Start of Exercise inputs

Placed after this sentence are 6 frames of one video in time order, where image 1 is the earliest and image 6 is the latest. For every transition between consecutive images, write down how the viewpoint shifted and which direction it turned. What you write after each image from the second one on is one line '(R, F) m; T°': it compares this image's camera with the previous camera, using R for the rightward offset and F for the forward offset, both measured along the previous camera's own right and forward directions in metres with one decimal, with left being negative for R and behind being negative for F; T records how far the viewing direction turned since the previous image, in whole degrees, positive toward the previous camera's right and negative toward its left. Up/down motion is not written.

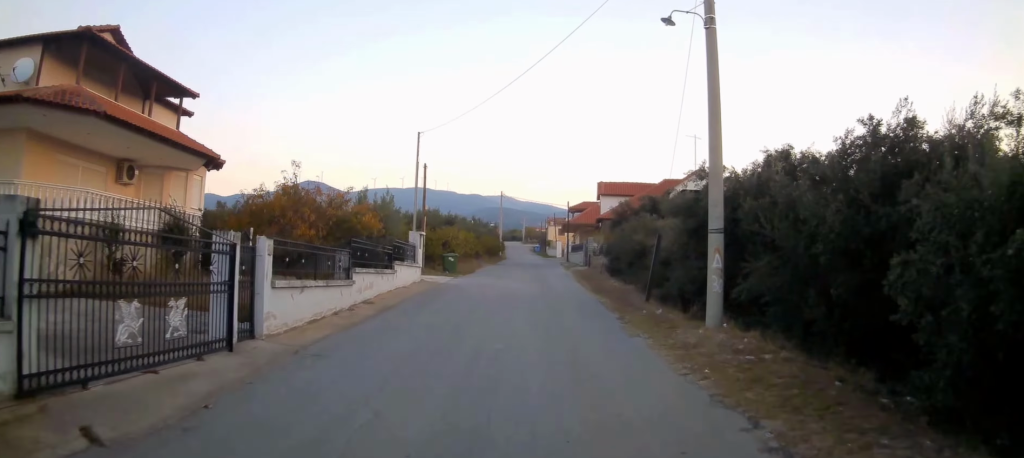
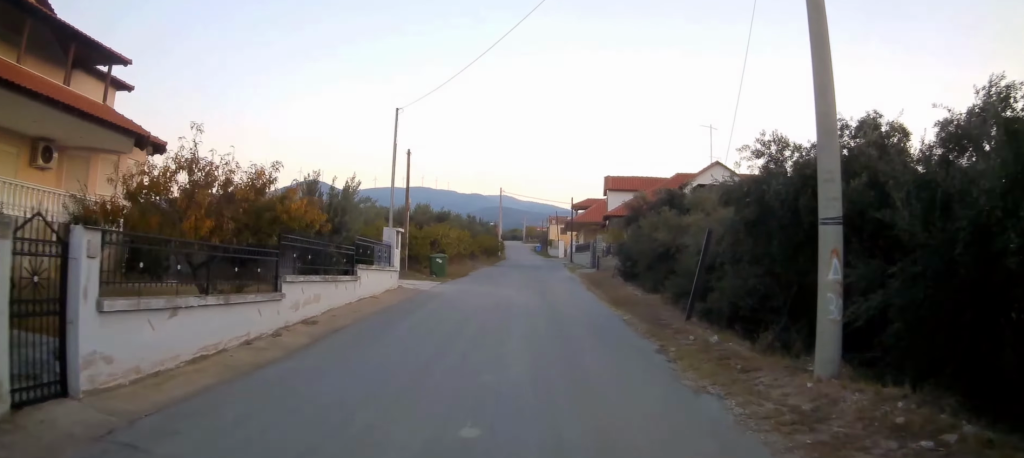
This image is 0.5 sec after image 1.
(-0.3, +4.8) m; -3°
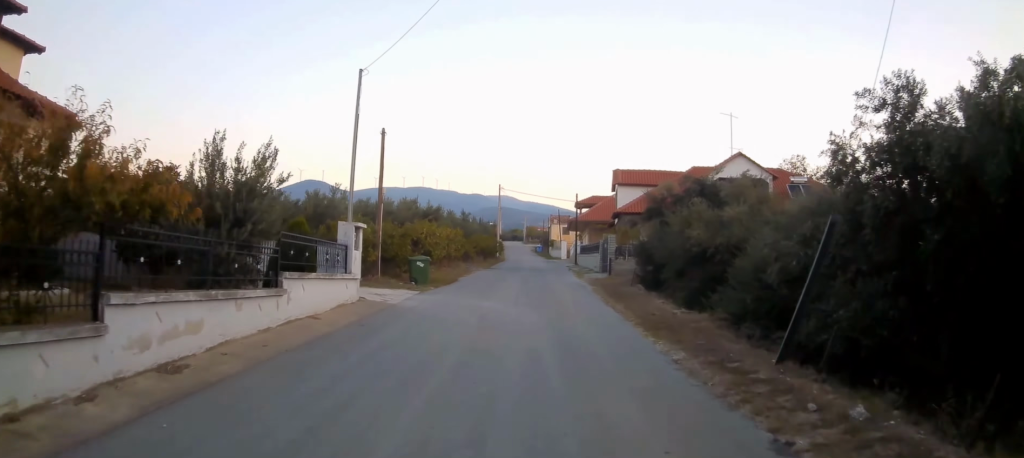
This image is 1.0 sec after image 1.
(-0.1, +5.3) m; 0°
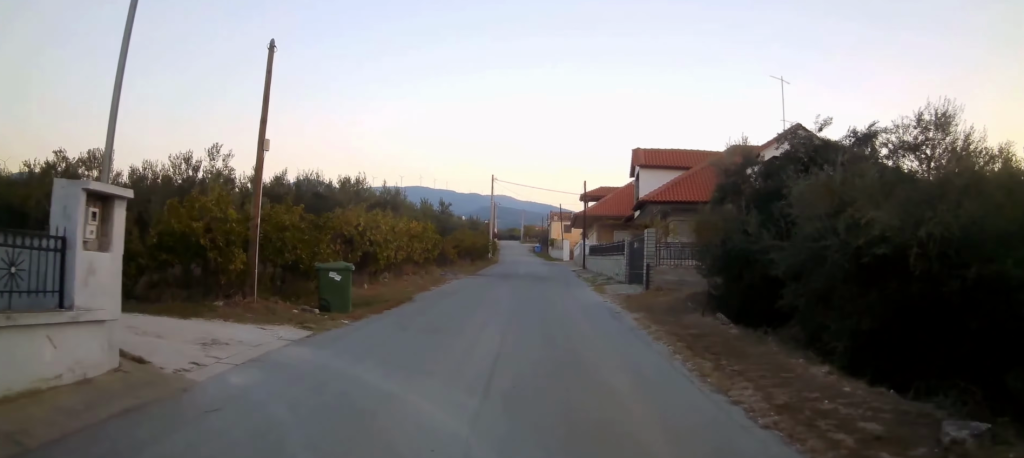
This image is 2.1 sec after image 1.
(+0.1, +10.5) m; +1°
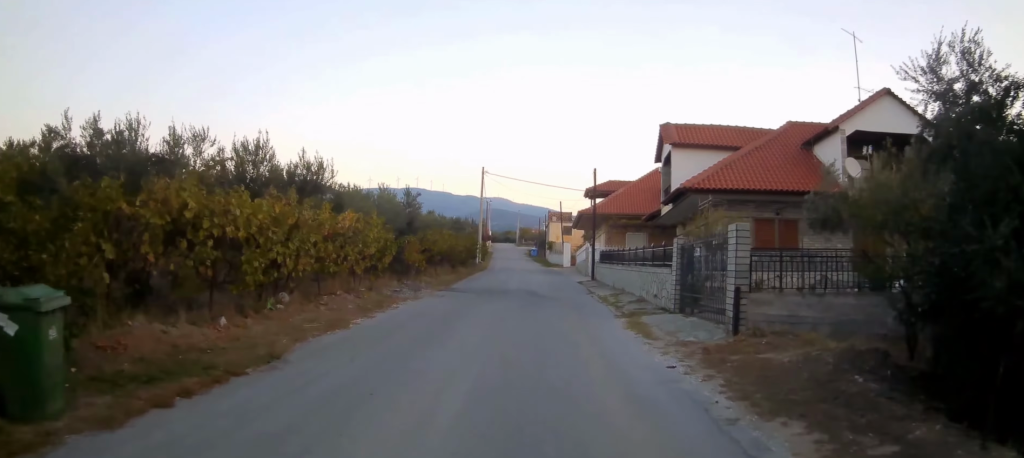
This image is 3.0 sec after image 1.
(+0.1, +9.2) m; +1°
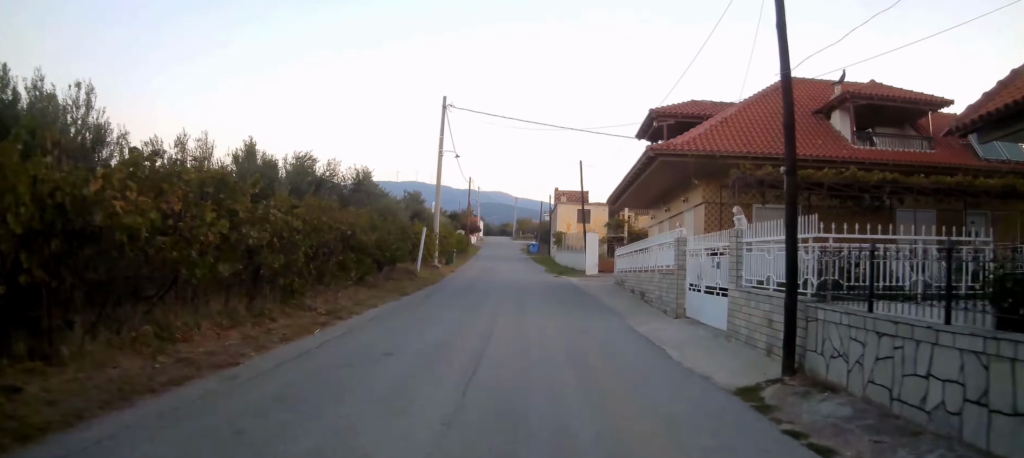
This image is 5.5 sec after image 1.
(-0.6, +26.0) m; -3°
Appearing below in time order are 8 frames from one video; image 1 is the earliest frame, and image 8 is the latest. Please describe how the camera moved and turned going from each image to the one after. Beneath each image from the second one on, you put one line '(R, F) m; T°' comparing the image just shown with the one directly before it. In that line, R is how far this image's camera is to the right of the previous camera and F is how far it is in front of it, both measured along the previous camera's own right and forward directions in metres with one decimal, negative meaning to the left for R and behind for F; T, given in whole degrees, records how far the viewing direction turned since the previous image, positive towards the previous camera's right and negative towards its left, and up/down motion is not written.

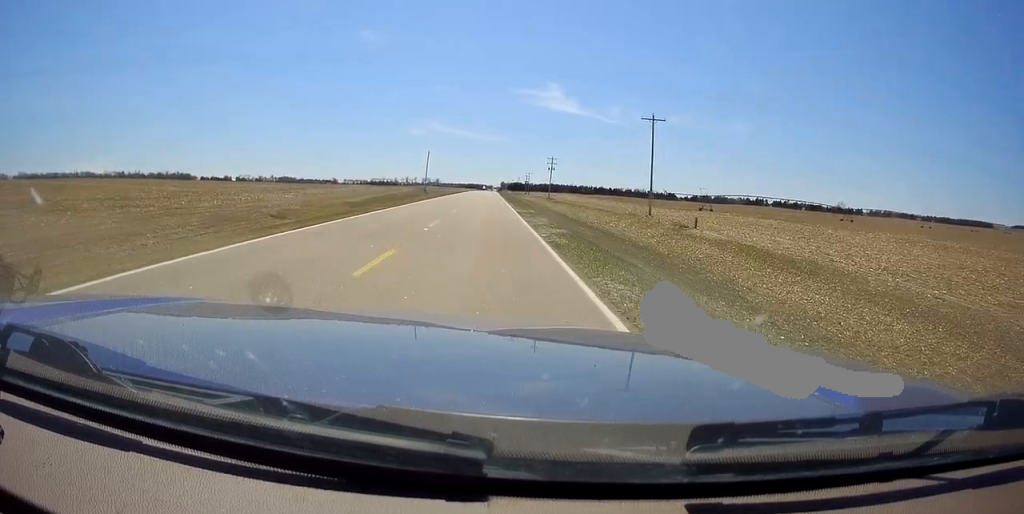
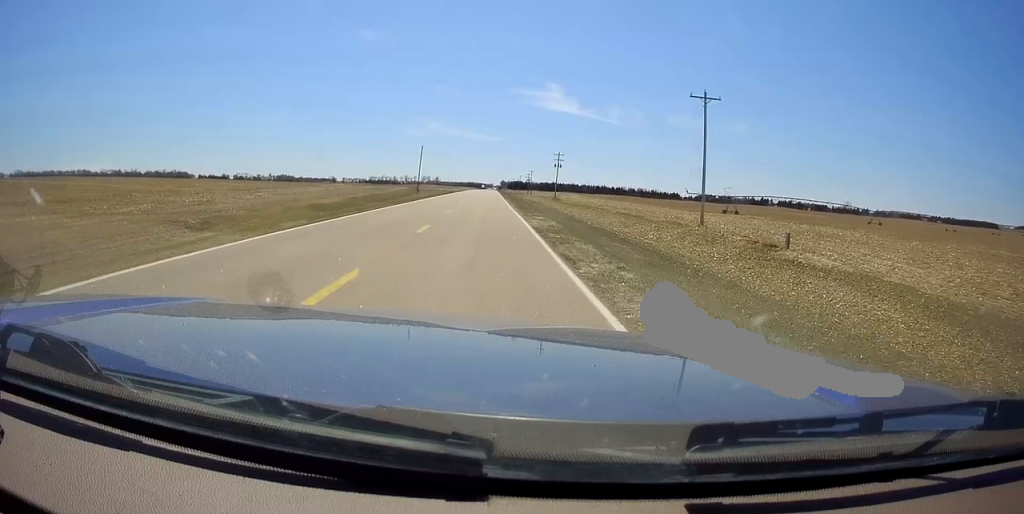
(0.0, +14.4) m; 0°
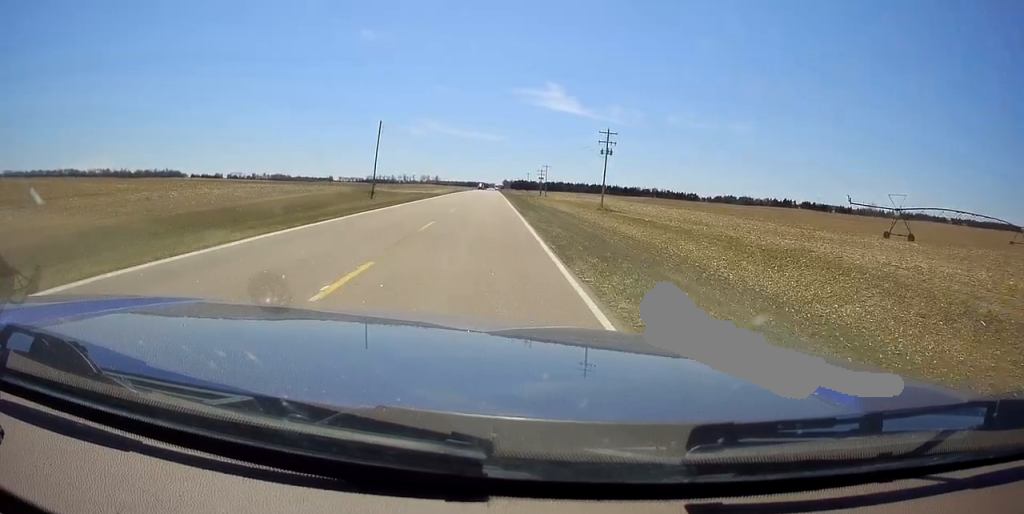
(0.0, +55.6) m; 0°
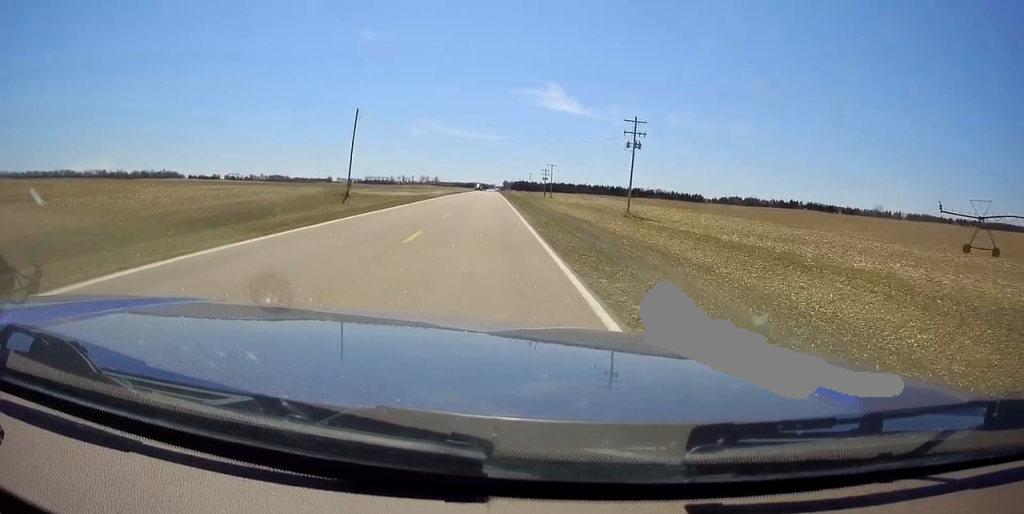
(0.0, +15.4) m; 0°
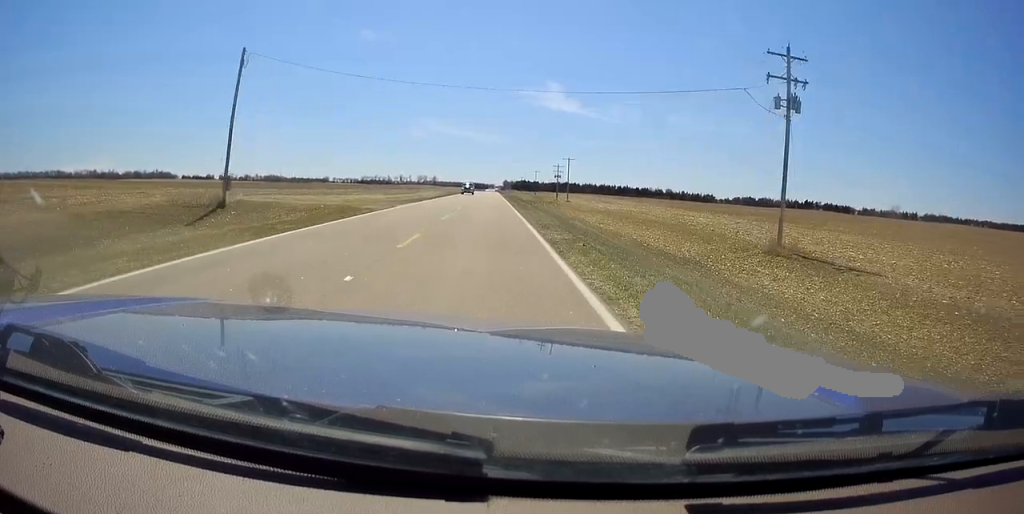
(0.0, +34.6) m; +1°
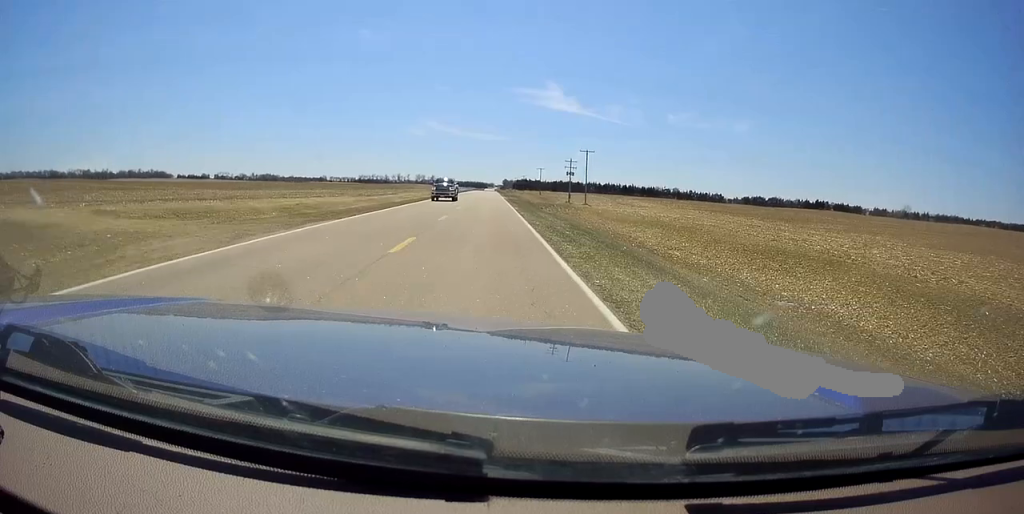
(+0.5, +24.1) m; -1°
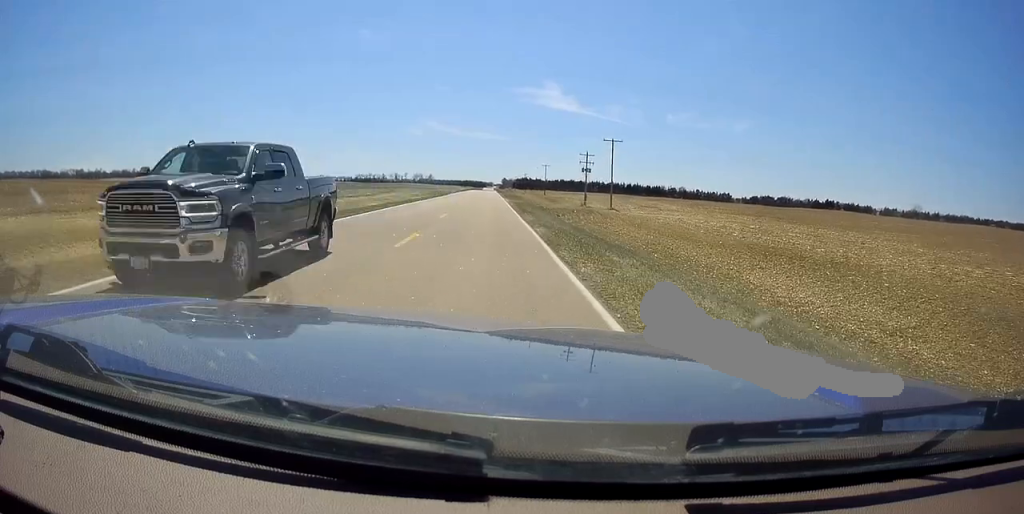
(-0.4, +21.7) m; -1°
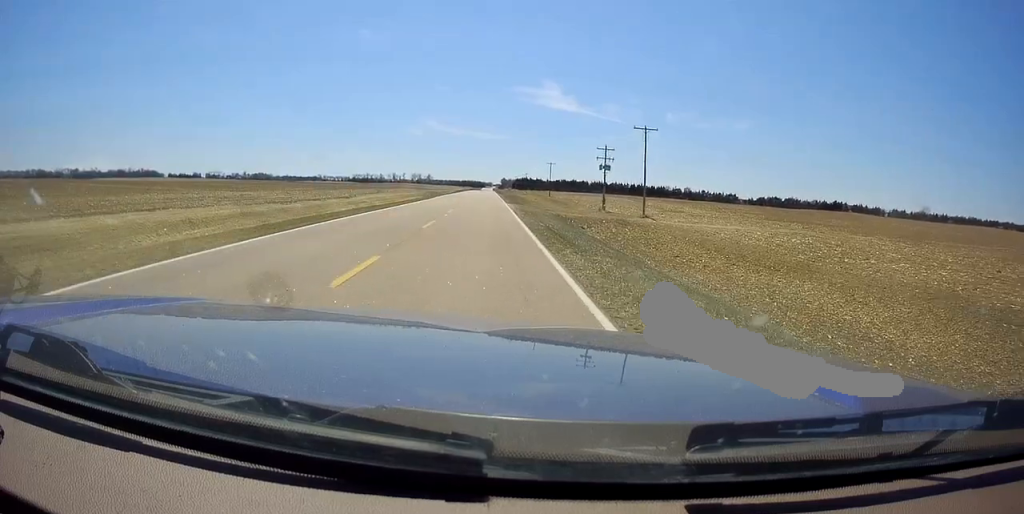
(-0.6, +16.7) m; 0°
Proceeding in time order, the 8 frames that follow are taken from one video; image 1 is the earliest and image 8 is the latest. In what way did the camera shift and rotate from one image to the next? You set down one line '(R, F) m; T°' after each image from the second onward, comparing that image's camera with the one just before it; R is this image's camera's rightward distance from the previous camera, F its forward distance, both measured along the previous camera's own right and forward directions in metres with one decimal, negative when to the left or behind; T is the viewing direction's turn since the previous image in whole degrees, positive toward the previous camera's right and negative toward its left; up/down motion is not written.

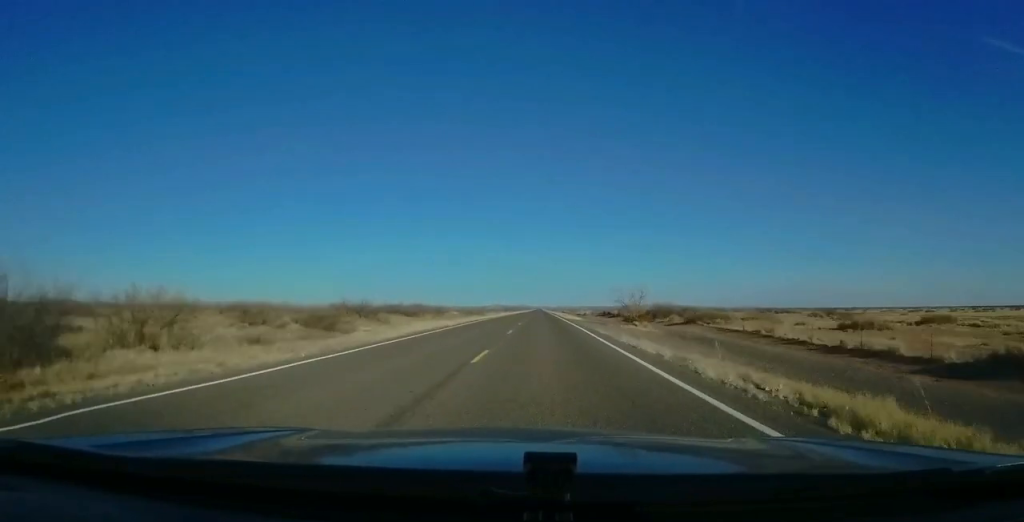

End of Exercise inputs

#### Assignment:
All the lines above are to be reproduced exactly, except the pictures.

#### Solution to the exercise:
Placed after this sentence are 6 frames of one video in time order, where image 1 is the earliest and image 6 is the latest. For every transition between consecutive images, write down how the viewpoint shifted and which direction it turned. What you write after each image from the second one on is one line '(R, F) m; T°': it compares this image's camera with the previous camera, using R for the rightward offset and F for the forward offset, both measured along the previous camera's own right and forward directions in metres with one decimal, with left being negative for R and behind being negative for F; T records how far the viewing direction turned since the previous image, in whole degrees, positive toward the previous camera's right and negative toward its left. Up/down motion is not written.

This image is 0.5 sec after image 1.
(-0.3, +4.8) m; -3°
This image is 1.0 sec after image 1.
(-0.1, +5.3) m; 0°
This image is 2.1 sec after image 1.
(+0.1, +10.5) m; +1°
This image is 3.0 sec after image 1.
(+0.1, +9.2) m; +1°
This image is 5.5 sec after image 1.
(-0.6, +26.0) m; -3°
Appearing below in time order are 8 frames from one video; image 1 is the earliest frame, and image 8 is the latest. Please describe how the camera moved and turned going from each image to the one after. Beneath each image from the second one on, you put one line '(R, F) m; T°' comparing the image just shown with the one directly before it. In that line, R is how far this image's camera is to the right of the previous camera and F is how far it is in front of it, both measured along the previous camera's own right and forward directions in metres with one decimal, negative meaning to the left for R and behind for F; T, given in whole degrees, records how far the viewing direction turned since the previous image, positive towards the previous camera's right and negative towards its left, and up/down motion is not written.

(0.0, +14.4) m; 0°
(0.0, +55.6) m; 0°
(0.0, +15.4) m; 0°
(0.0, +34.6) m; +1°
(+0.5, +24.1) m; -1°
(-0.4, +21.7) m; -1°
(-0.6, +16.7) m; 0°
Proceeding in time order, the 8 frames that follow are taken from one video; image 1 is the earliest and image 8 is the latest. In what way did the camera shift and rotate from one image to the next? You set down one line '(R, F) m; T°' after each image from the second onward, comparing that image's camera with the one just before it; R is this image's camera's rightward distance from the previous camera, F its forward distance, both measured along the previous camera's own right and forward directions in metres with one decimal, negative when to the left or behind; T is the viewing direction's turn since the previous image in whole degrees, positive toward the previous camera's right and negative toward its left; up/down motion is not written.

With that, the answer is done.